Medicine vs. Profits

I know my doctor isn’t perfect, as I’ve mentioned before; he’s just been convenient (he takes walk-ins). I’ve been planning to look for a new doctor, and now I pretty much have to.

I went to his clinic yesterday with this allergic reaction—swollen eyes, slightly elevated blood pressure, all the fun stuff. That’s when I discovered that he’s changed his practice to something that I expect he considers semi-retirement. He only takes walk-ins now, and apparently he’s made deals with employers in the area such that he does the physicals and drug-testing for employment screenings.

There are signs up all over the office saying that they don’t take people back to the exam rooms in the order they arrive because they triage folks for who needs to go back first—this is something I understand and can live with. Certainly if I came in bleeding all over the floor I’d want to be seen before the person with the sore throat, and if I was the one with the sore throat, I’d also agree that the guy bleeding all over the floor should go first. However, over the time I waited to see the doctor, it became apparent what the triage priority was. Anyone who came in for an employment-screening physical had first priority. Anyone with an actual medical condition had last priority.

I waited for, literally, four and a half hours while folks (most of whom arrived after I did) went in and out getting their physicals at $90 a head, paid for out-of-pocket, because of course the clinic will make more money off of that than it will off of my insurance-subsidized visit. (And I’m not the only one who came for a medical reason who had to wait that long.) After 6 pm I finally went out and told the receptionist that my blood sugar was getting low enough that I would have to leave soon one way or the other, and miraculously he suddenly had time for me.

Money should not come before health. I understand that there are cases where that isn’t practical, but in this case it seems a simple case of the doctor deciding that the only thing he cares about is maximizing the money he makes. I wish the clinic had at least had the guts to say, “we’re shifting our priorities, and you should really look for a new doctor,” rather than lying about it. The receptionist was giving an estimate of an hour and a half wait to folks coming in the door, and that’s about what the folks with physicals had to wait. The difference between that and four and a half hours is ridiculous.

Posted in News & Musings
2 comments on “Medicine vs. Profits
  1. Chessack says:

    That is really pathetic. I hope he at least treated you properly when he finally saw you. I would definitely look elsewhere if I were you.

    It’s tough though. Fortunately I have not needed medical attention much over recent years, but the few times I have, it is very hit and miss. Some doctors seem to really be on the ball, and others… not so much. Finding one of the former ones can be like looking for a needle in a hay stack sometimes.

    C

  2. heather says:

    He’s… pretty lackadaisical. I stuck with him for this long for several simple reasons. The ability to drop in as a walk-in was really convenient sometimes given the occasional unpredictability of my husband’s work schedule; it was worth the long waits before now. I also know enough by now about my own medical peculiarities that I could sanity check anything he did or suggested, particularly as my first reaction upon being given a prescription is to immediately look up anything and everything I can find out about it. And finally, as you said, it’s so tough to find the right doctor that honestly, I just didn’t want to deal. I’ve had a couple of really great doctors over the years, and I’ve had a couple who fairly messed me up. (One who even eventually got barred from the hospital in his area for repeated misdiagnoses.)

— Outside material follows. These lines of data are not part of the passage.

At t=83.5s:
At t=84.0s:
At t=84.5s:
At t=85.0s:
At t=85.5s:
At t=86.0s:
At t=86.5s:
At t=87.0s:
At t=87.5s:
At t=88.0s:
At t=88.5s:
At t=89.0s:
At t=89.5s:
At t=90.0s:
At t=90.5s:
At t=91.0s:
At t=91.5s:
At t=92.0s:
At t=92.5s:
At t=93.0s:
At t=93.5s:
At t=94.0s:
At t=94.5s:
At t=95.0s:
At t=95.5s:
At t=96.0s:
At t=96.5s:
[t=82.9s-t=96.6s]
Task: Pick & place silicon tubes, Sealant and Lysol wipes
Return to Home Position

    I’m kind of an odd patient. I get weird reactions to medications, and I have a ton of allergies and sensitivities. I need a doctor who’s willing to rub two brain cells together, who communicates well, and who doesn’t dismiss me out of hand when I tell him I’ve had a reaction to something that past experience tells him people shouldn’t have. The one and only good thing this doctor had going for him was that he did listen; I’ve met doctors who seemed to have you evaluated and diagnosed before word one came out of your mouth, and nothing you said that contradicted their opinion would get taken seriously.

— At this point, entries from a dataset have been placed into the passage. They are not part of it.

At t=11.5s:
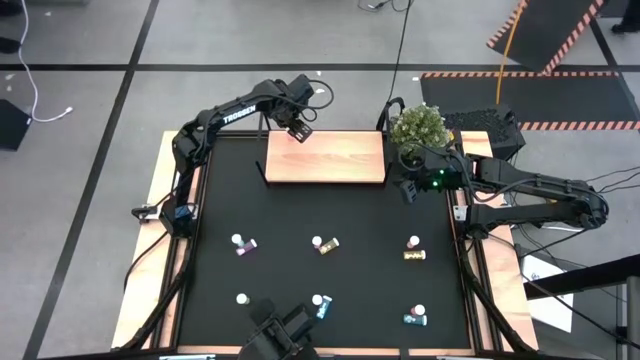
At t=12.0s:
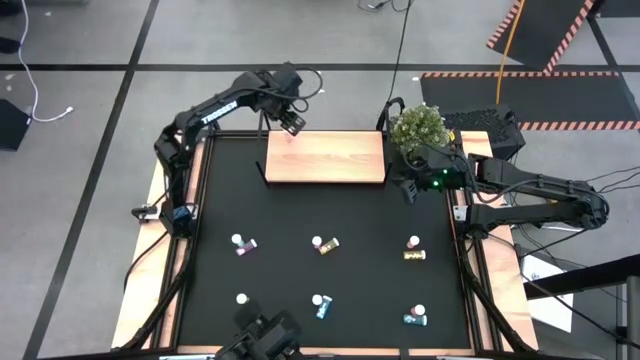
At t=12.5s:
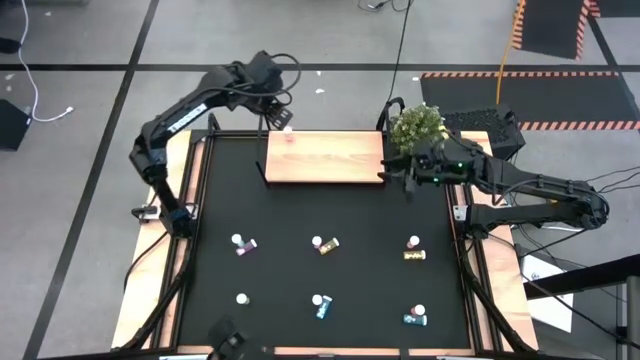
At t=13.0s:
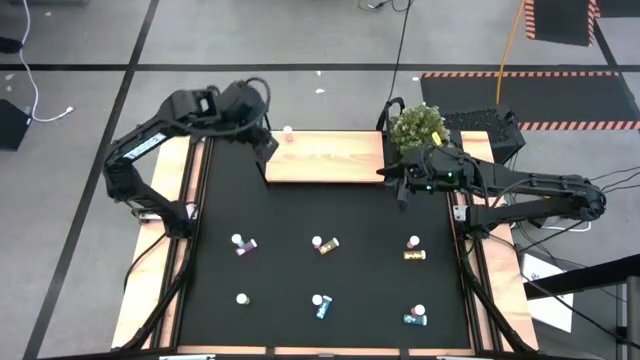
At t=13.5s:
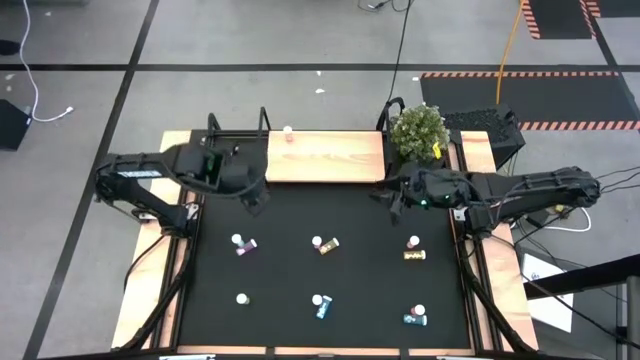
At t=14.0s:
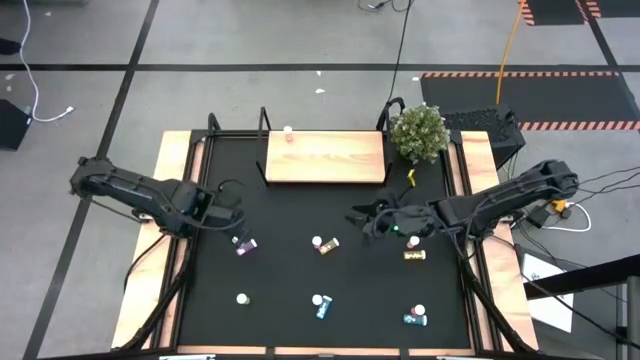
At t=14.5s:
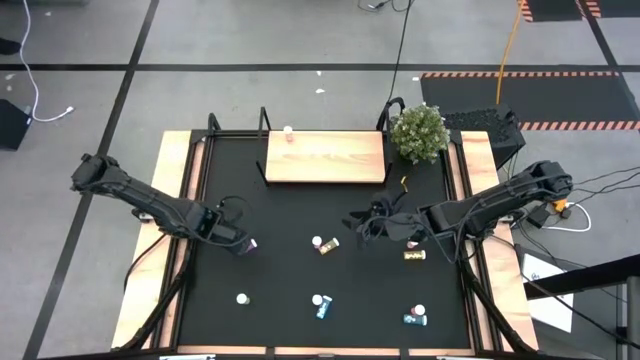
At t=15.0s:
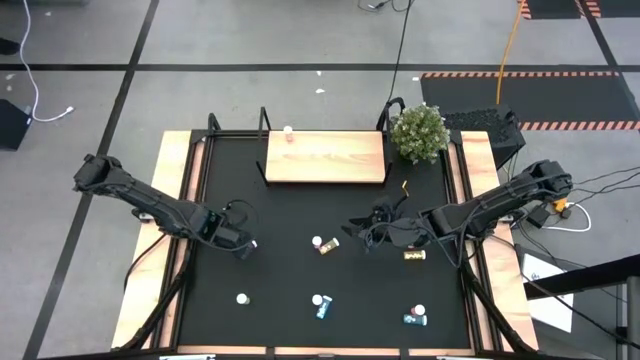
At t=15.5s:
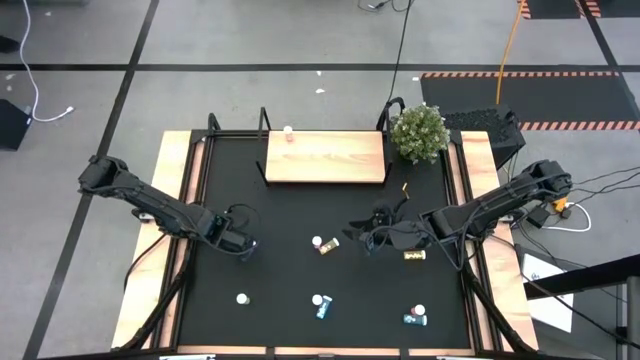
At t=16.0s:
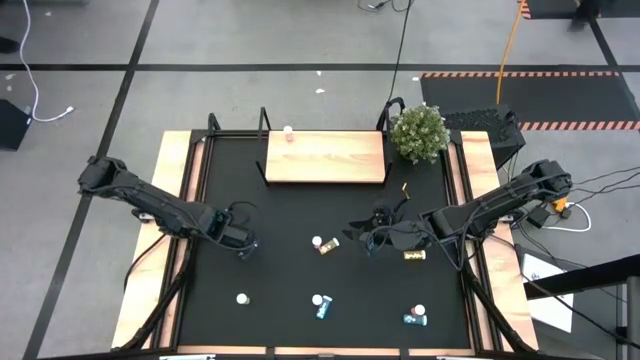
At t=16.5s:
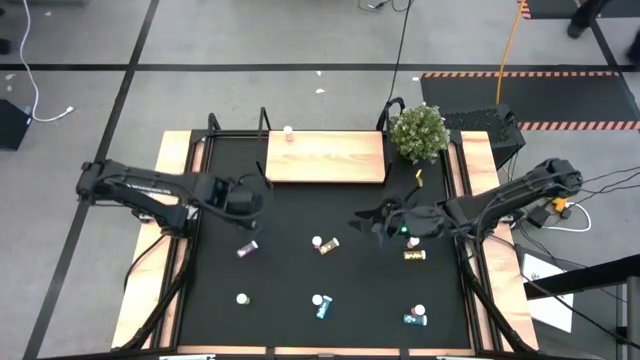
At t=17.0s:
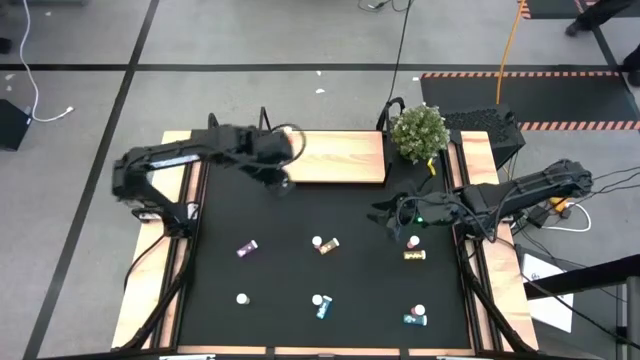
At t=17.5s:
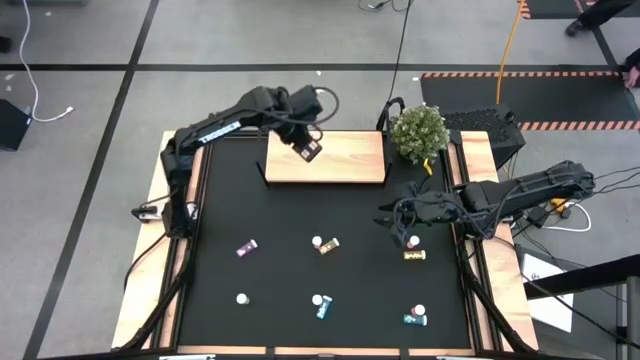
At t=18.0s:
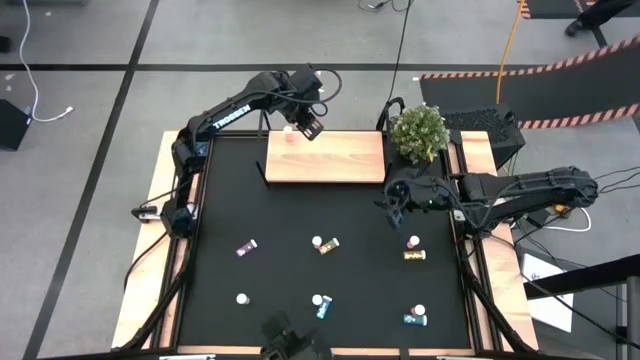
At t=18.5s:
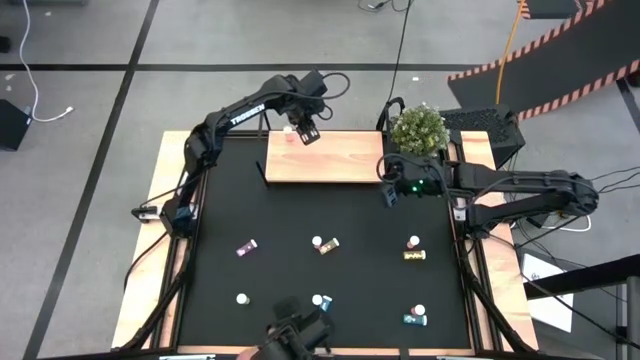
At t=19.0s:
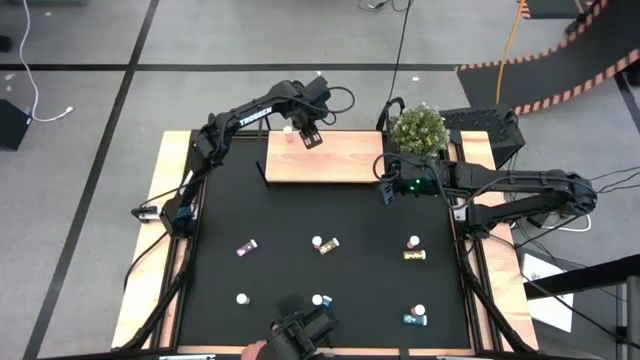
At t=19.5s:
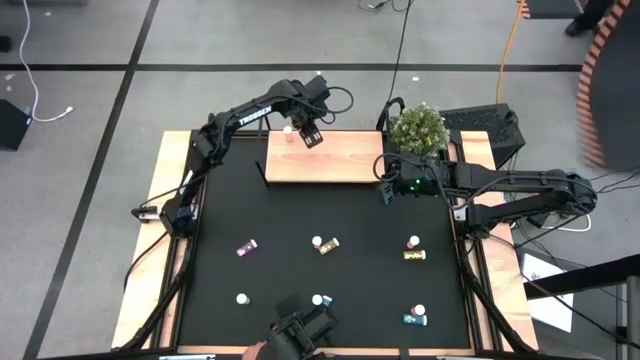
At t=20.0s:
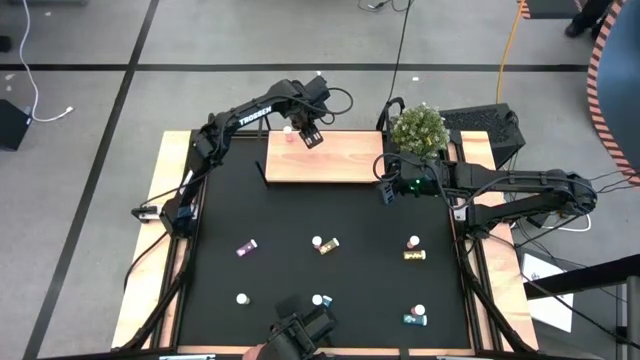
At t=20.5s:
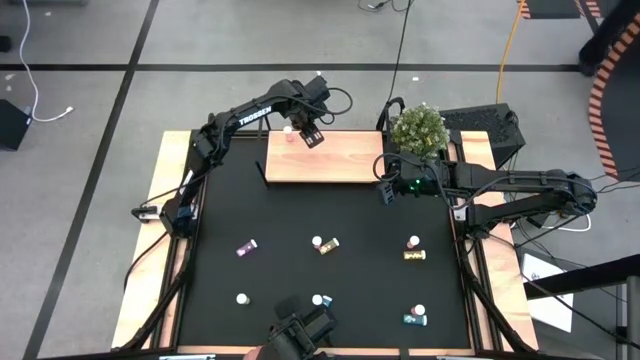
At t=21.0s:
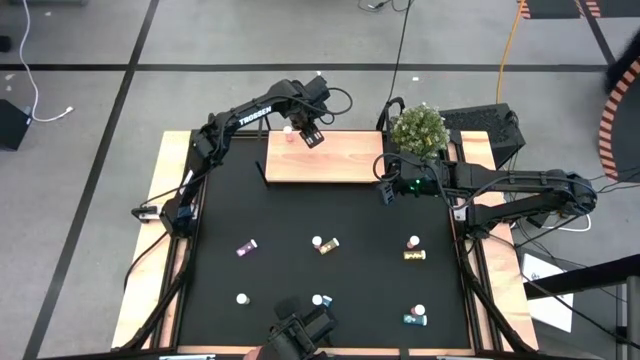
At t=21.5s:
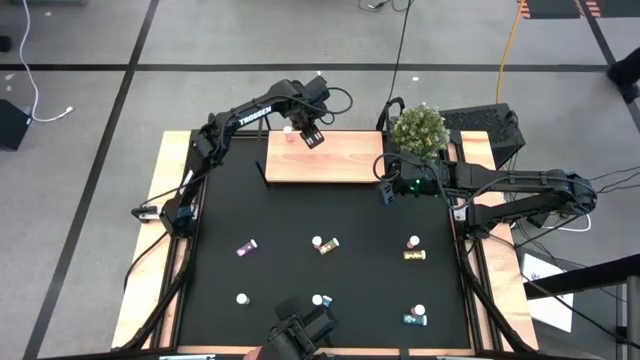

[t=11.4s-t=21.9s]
Task: Pick and place medicine bottles onto shelf by color
Put the top blue pill bottle on the shelf

    So, yeah, I kinda dread having to hunt down a new doctor, because I don’t know how many I’ll go through before I find a good one. I still need to hunt down a new psychiatrist for the same reason—the last one I had pretty clearly just cared about writing her prescriptions and getting her patients out the door so she could get back to her latte, and I’ve just been getting my meds from my regular doctor for the past year or so.